Task :: Could you repeat all of the entries exactly, leaving out any pictures?
Start of Supplied records
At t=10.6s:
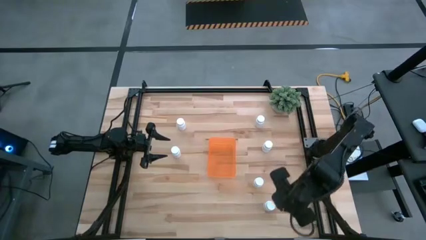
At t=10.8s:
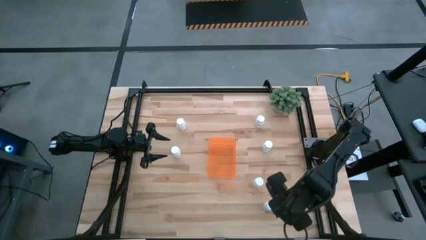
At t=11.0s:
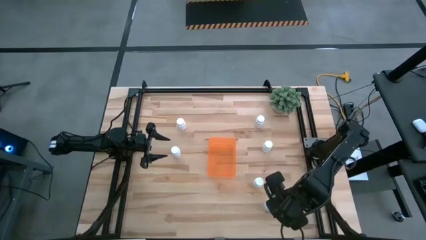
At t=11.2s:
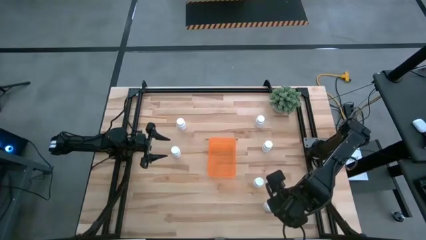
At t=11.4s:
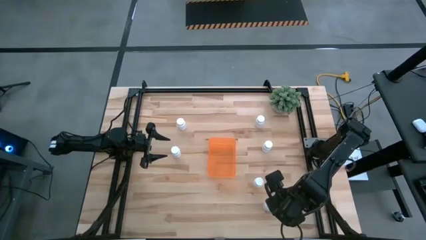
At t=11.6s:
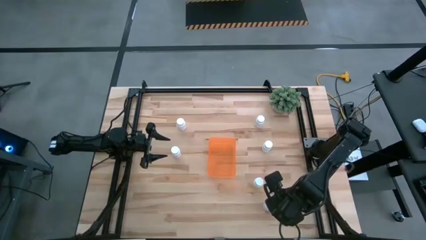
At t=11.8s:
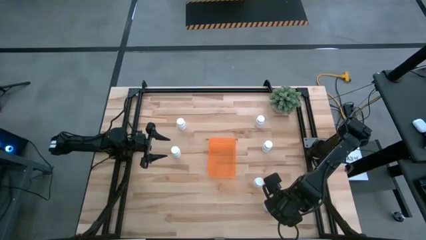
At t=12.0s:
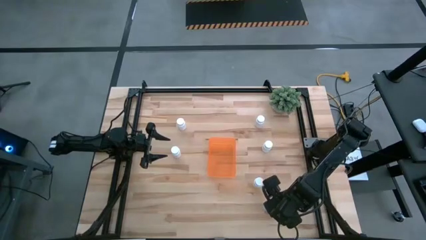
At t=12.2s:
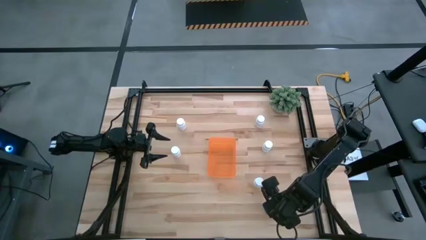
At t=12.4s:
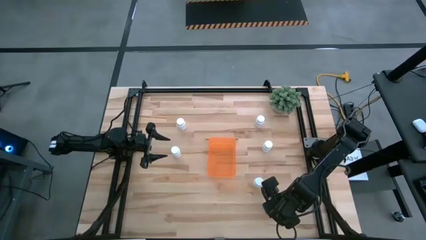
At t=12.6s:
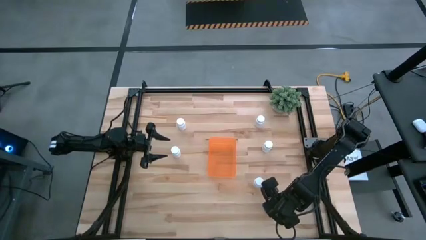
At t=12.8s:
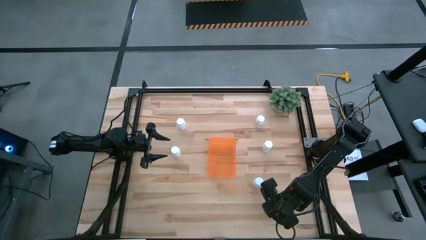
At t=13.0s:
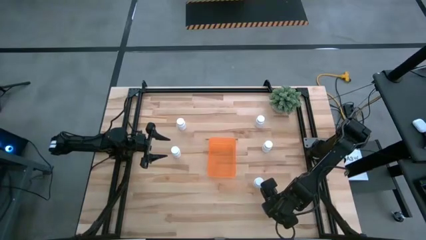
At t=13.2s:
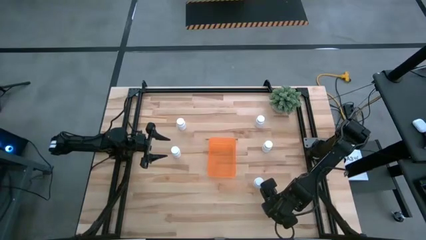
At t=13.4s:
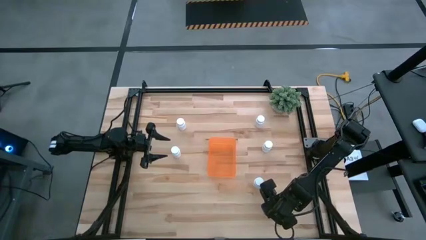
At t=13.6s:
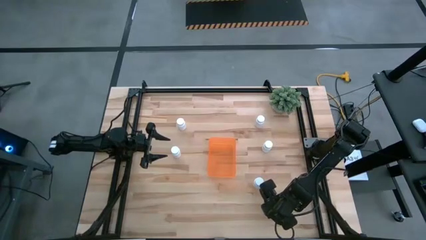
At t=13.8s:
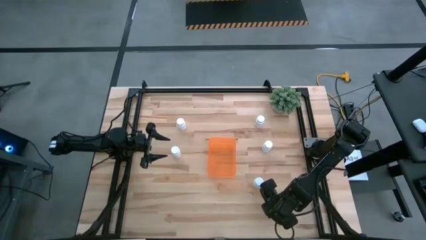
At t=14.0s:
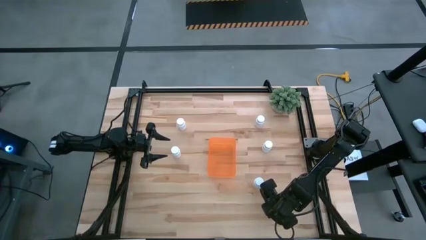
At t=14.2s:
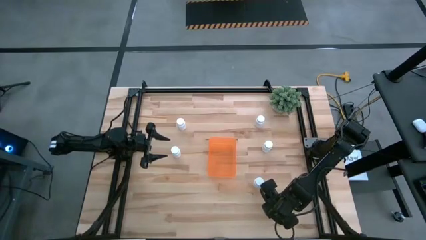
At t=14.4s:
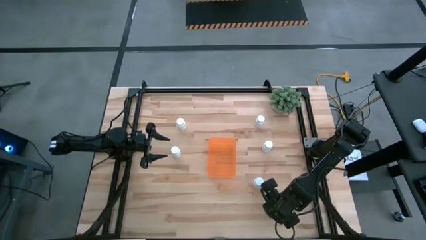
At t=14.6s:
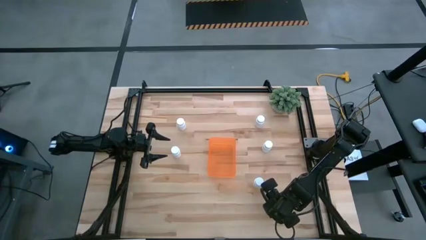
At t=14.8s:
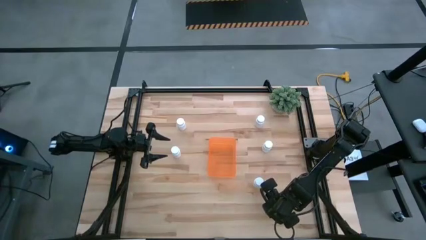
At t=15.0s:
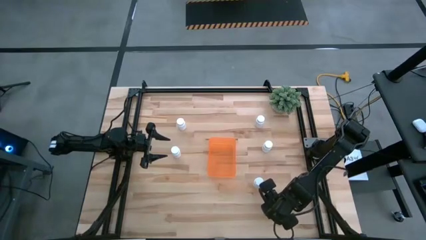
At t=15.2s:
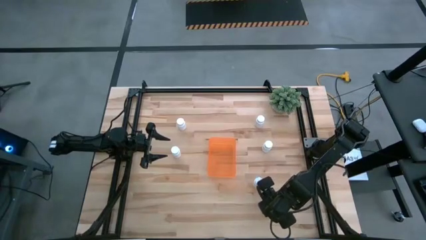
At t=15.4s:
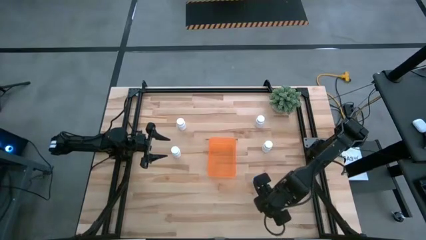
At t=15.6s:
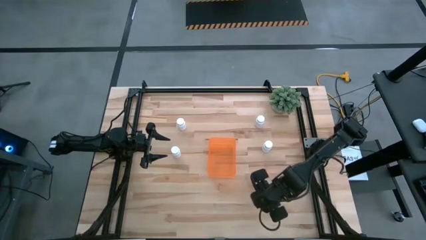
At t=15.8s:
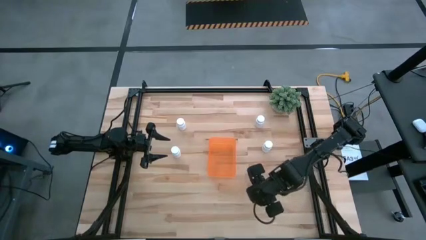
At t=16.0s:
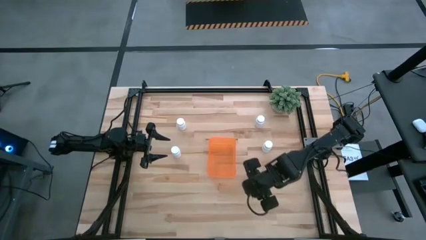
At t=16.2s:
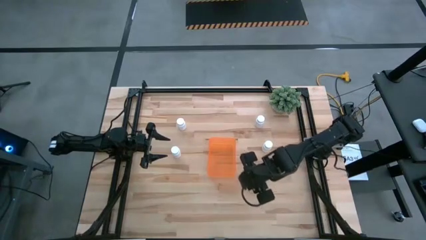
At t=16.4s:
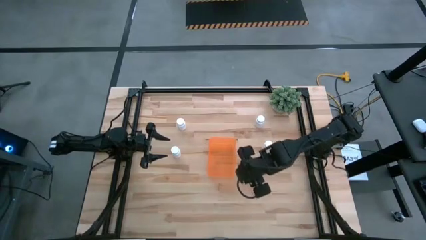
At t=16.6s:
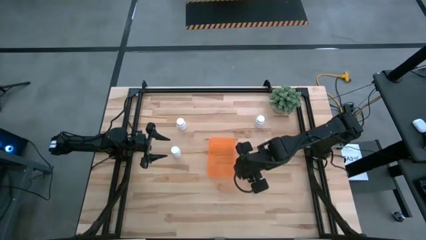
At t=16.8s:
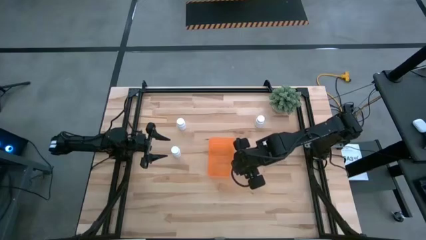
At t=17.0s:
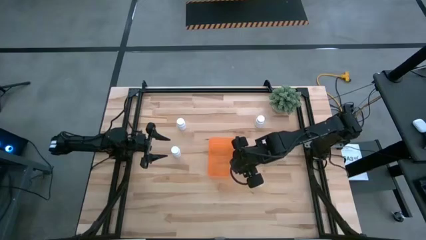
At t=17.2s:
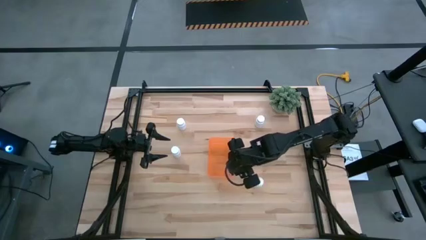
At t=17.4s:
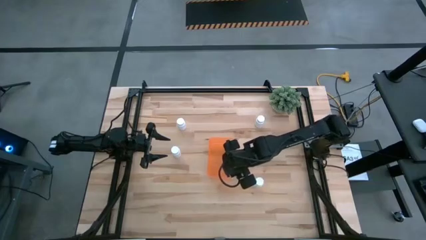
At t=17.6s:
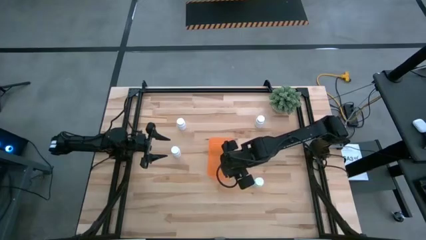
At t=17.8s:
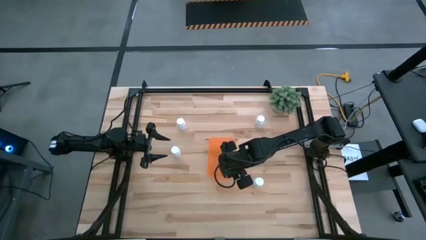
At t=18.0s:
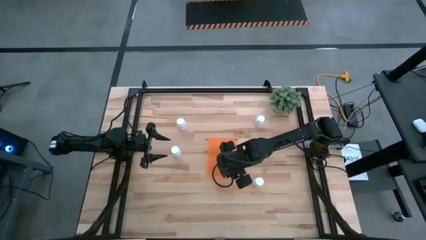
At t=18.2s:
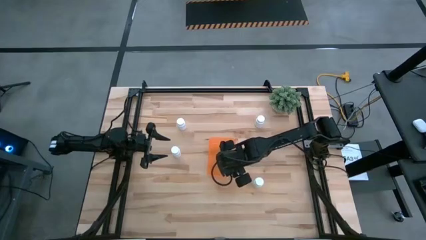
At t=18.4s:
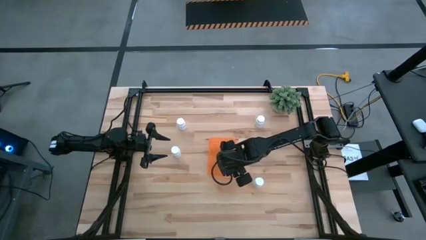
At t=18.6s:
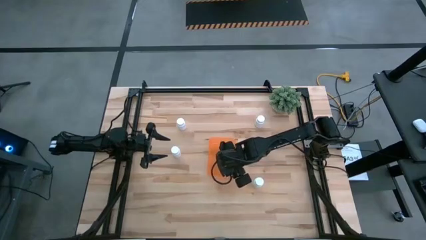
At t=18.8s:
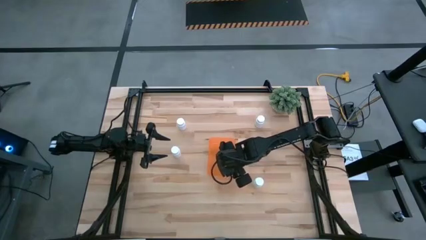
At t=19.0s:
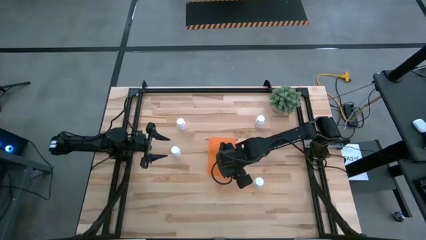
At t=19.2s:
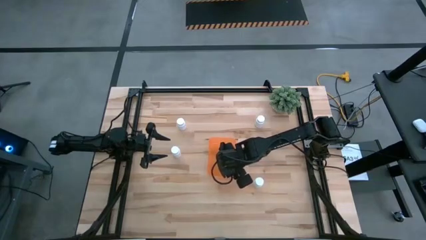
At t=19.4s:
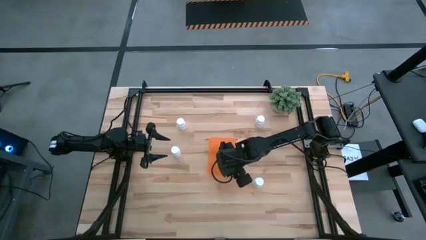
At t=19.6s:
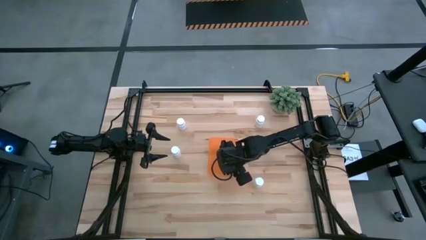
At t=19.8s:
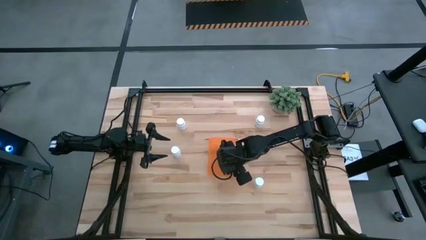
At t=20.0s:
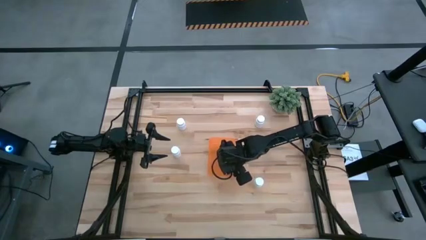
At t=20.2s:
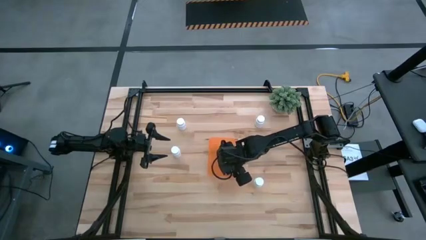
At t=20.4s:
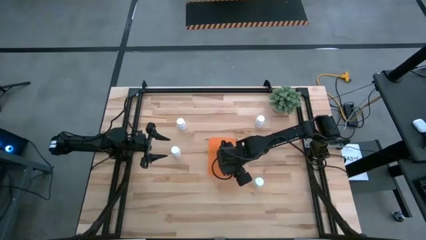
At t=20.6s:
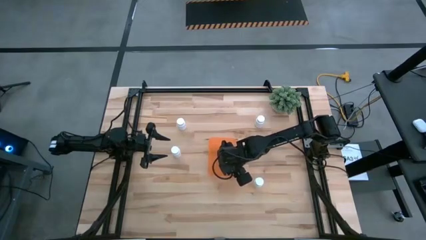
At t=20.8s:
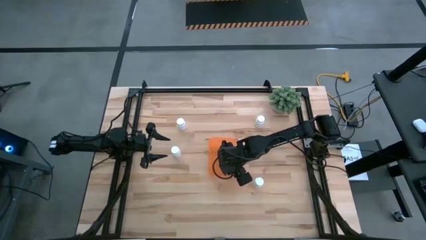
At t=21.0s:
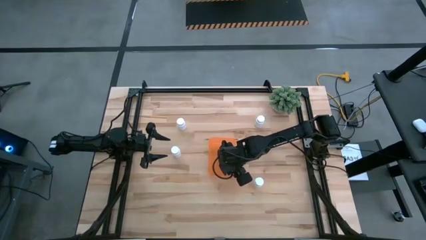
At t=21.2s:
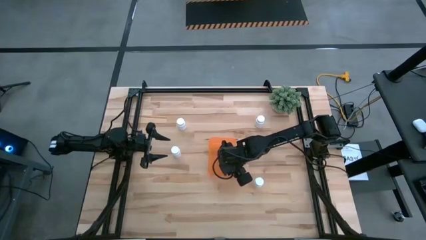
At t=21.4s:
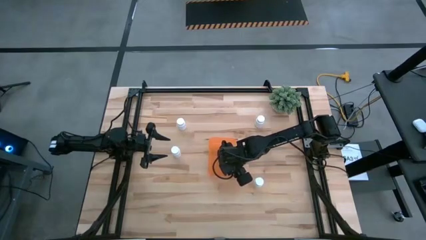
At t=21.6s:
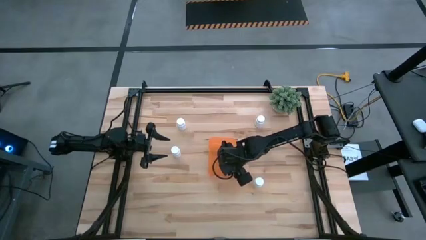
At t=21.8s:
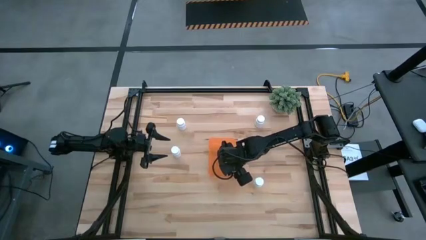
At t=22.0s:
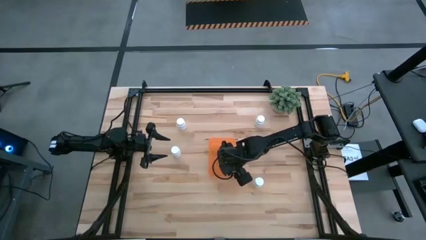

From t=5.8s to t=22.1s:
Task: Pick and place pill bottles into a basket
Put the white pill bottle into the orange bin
End of Supplied records
Expected answer ::
At t=10.6s:
At t=10.8s:
At t=11.0s:
At t=11.2s:
At t=11.4s:
At t=11.6s:
At t=11.8s:
At t=12.0s:
At t=12.2s:
At t=12.4s:
At t=12.6s:
At t=12.8s:
At t=13.0s:
At t=13.2s:
At t=13.4s:
At t=13.6s:
At t=13.8s:
At t=14.0s:
At t=14.2s:
At t=14.4s:
At t=14.6s:
At t=14.8s:
At t=15.0s:
At t=15.2s:
At t=15.4s:
At t=15.6s:
At t=15.8s:
At t=16.0s:
At t=16.2s:
At t=16.4s:
At t=16.6s:
At t=16.8s:
At t=17.0s:
At t=17.2s:
At t=17.4s:
At t=17.6s:
At t=17.8s:
At t=18.0s:
At t=18.2s:
At t=18.4s:
At t=18.6s:
At t=18.8s:
At t=19.0s:
At t=19.2s:
At t=19.4s:
At t=19.6s:
At t=19.8s:
At t=20.0s:
At t=20.2s:
At t=20.4s:
At t=20.6s:
At t=20.8s:
At t=21.0s:
At t=21.2s:
At t=21.4s:
At t=21.6s:
At t=21.8s:
At t=22.0s:

From t=5.8s to t=22.1s:
Task: Pick and place pill bottles into a basket
Put the white pill bottle into the orange bin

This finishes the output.